From: John Cowan (jcowan@reutershealth.com)
Date: Fri Nov 15 2002 - 11:38:48 EST
This is not a proposal to change standards in any respect. It's just a
thought-out (well, somewhat) approach for people who have to represent
character codes as opposed to characters, and have 32 bits to play with.
The intent is to represent all the codes of all the registered character
sets, present and future, as individual unsigned 31-bit integers.
All further numbers in this post, except 94, 96, and 2022, are base 16.
Unicode codes are mapped onto the integers 0-10FFFF in the obvious way.
Registered character sets of ISO 2022 are represented by codes above 2000000.
The detailed roadmap is as follows:
00000000-0010FFFF: Unicode
00110000-1FFFFFFF: reserved
20000000-2003FFFF: ISO 2022 94-char, 96-char, C0, and C1 character sets
20040000-2093FFFF: ISO 2022 94x94/96x96-char character sets
20940000-5693FFFF: ISO 2022 94x94x94/96x96x96-char character sets
56940000-7FFFFFFF: reserved
Definitions for ISO 2022 character sets:
Every character set has an ISO-specified value between 40 and 7E, called F.

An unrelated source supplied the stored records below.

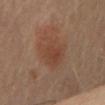No biopsy was performed on this lesion — it was imaged during a full skin examination and was not determined to be concerning. A male patient, about 85 years old or older. The tile uses cross-polarized illumination. Automated tile analysis of the lesion measured lesion-presence confidence of about 100/100. This image is a 15 mm lesion crop taken from a total-body photograph. Measured at roughly 5 mm in maximum diameter. Located on the chest.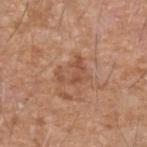<lesion>
  <biopsy_status>not biopsied; imaged during a skin examination</biopsy_status>
  <site>left forearm</site>
  <patient>
    <sex>male</sex>
    <age_approx>75</age_approx>
  </patient>
  <automated_metrics>
    <color_variation_0_10>1.5</color_variation_0_10>
    <peripheral_color_asymmetry>0.5</peripheral_color_asymmetry>
    <nevus_likeness_0_100>5</nevus_likeness_0_100>
    <lesion_detection_confidence_0_100>100</lesion_detection_confidence_0_100>
  </automated_metrics>
  <lesion_size>
    <long_diameter_mm_approx>3.5</long_diameter_mm_approx>
  </lesion_size>
  <image>
    <source>total-body photography crop</source>
    <field_of_view_mm>15</field_of_view_mm>
  </image>
</lesion>

Some character sets have an ISO-specified value between 21 and 2F, called I.
If I is not present, it is deemed for our purposes to 20.
Individual characters in one-byte character sets have a value between 20
and 7F, called H.
Individual characters in two-byte character sets have two values between 20
and 7F, called H and L.
Individual characters in three-byte character sets have three values between 20
and 7F, called H, M, and L.
Values:
The value of a character in Unicode is its code value.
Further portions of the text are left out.